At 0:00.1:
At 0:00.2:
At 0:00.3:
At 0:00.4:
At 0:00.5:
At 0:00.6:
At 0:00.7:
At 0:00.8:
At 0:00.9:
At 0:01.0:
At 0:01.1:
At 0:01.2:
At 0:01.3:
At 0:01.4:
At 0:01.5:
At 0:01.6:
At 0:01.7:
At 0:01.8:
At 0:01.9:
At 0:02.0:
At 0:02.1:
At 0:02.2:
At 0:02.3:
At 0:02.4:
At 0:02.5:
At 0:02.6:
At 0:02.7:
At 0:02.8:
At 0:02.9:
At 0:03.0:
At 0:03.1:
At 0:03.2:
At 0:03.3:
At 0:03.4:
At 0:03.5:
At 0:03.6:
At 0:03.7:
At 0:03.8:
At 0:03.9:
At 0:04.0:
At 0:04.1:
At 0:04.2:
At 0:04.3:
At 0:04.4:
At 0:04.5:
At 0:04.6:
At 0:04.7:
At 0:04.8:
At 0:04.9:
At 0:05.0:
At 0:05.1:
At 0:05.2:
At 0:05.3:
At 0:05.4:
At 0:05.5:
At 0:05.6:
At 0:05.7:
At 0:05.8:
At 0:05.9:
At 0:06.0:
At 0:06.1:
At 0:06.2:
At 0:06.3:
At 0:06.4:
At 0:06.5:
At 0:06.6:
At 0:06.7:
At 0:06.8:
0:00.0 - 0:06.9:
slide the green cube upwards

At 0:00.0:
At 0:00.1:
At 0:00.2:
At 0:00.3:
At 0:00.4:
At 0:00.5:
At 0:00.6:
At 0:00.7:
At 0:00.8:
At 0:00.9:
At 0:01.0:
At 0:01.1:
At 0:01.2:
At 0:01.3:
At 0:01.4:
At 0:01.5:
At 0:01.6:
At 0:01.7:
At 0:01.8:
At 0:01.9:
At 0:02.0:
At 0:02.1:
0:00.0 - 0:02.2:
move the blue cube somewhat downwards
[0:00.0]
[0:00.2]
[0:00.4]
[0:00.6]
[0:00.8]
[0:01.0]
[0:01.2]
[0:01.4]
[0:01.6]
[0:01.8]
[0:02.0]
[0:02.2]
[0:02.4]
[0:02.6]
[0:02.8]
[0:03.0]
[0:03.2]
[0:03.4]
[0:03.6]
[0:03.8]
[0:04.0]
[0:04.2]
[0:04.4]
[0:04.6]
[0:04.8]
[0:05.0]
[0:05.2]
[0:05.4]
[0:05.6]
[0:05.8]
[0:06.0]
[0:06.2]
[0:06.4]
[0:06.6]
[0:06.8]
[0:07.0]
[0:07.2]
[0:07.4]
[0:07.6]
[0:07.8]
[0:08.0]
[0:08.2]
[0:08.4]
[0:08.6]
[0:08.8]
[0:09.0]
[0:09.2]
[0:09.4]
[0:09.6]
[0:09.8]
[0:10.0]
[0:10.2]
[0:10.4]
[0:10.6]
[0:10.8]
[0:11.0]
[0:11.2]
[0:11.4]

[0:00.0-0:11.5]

_ _ _

__What you should do__: Print out the entire listing above without any change.

__Finished exercise__:
At 0:00.1:
At 0:00.2:
At 0:00.3:
At 0:00.4:
At 0:00.5:
At 0:00.6:
At 0:00.7:
At 0:00.8:
At 0:00.9:
At 0:01.0:
At 0:01.1:
At 0:01.2:
At 0:01.3:
At 0:01.4:
At 0:01.5:
At 0:01.6:
At 0:01.7:
At 0:01.8:
At 0:01.9:
At 0:02.0:
At 0:02.1:
At 0:02.2:
At 0:02.3:
At 0:02.4:
At 0:02.5:
At 0:02.6:
At 0:02.7:
At 0:02.8:
At 0:02.9:
At 0:03.0:
At 0:03.1:
At 0:03.2:
At 0:03.3:
At 0:03.4:
At 0:03.5:
At 0:03.6:
At 0:03.7:
At 0:03.8:
At 0:03.9:
At 0:04.0:
At 0:04.1:
At 0:04.2:
At 0:04.3:
At 0:04.4:
At 0:04.5:
At 0:04.6:
At 0:04.7:
At 0:04.8:
At 0:04.9:
At 0:05.0:
At 0:05.1:
At 0:05.2:
At 0:05.3:
At 0:05.4:
At 0:05.5:
At 0:05.6:
At 0:05.7:
At 0:05.8:
At 0:05.9:
At 0:06.0:
At 0:06.1:
At 0:06.2:
At 0:06.3:
At 0:06.4:
At 0:06.5:
At 0:06.6:
At 0:06.7:
At 0:06.8:
0:00.0 - 0:06.9:
slide the green cube upwards

At 0:00.0:
At 0:00.1:
At 0:00.2:
At 0:00.3:
At 0:00.4:
At 0:00.5:
At 0:00.6:
At 0:00.7:
At 0:00.8:
At 0:00.9:
At 0:01.0:
At 0:01.1:
At 0:01.2:
At 0:01.3:
At 0:01.4:
At 0:01.5:
At 0:01.6:
At 0:01.7:
At 0:01.8:
At 0:01.9:
At 0:02.0:
At 0:02.1:
0:00.0 - 0:02.2:
move the blue cube somewhat downwards
[0:00.0]
[0:00.2]
[0:00.4]
[0:00.6]
[0:00.8]
[0:01.0]
[0:01.2]
[0:01.4]
[0:01.6]
[0:01.8]
[0:02.0]
[0:02.2]
[0:02.4]
[0:02.6]
[0:02.8]
[0:03.0]
[0:03.2]
[0:03.4]
[0:03.6]
[0:03.8]
[0:04.0]
[0:04.2]
[0:04.4]
[0:04.6]
[0:04.8]
[0:05.0]
[0:05.2]
[0:05.4]
[0:05.6]
[0:05.8]
[0:06.0]
[0:06.2]
[0:06.4]
[0:06.6]
[0:06.8]
[0:07.0]
[0:07.2]
[0:07.4]
[0:07.6]
[0:07.8]
[0:08.0]
[0:08.2]
[0:08.4]
[0:08.6]
[0:08.8]
[0:09.0]
[0:09.2]
[0:09.4]
[0:09.6]
[0:09.8]
[0:10.0]
[0:10.2]
[0:10.4]
[0:10.6]
[0:10.8]
[0:11.0]
[0:11.2]
[0:11.4]

[0:00.0-0:11.5]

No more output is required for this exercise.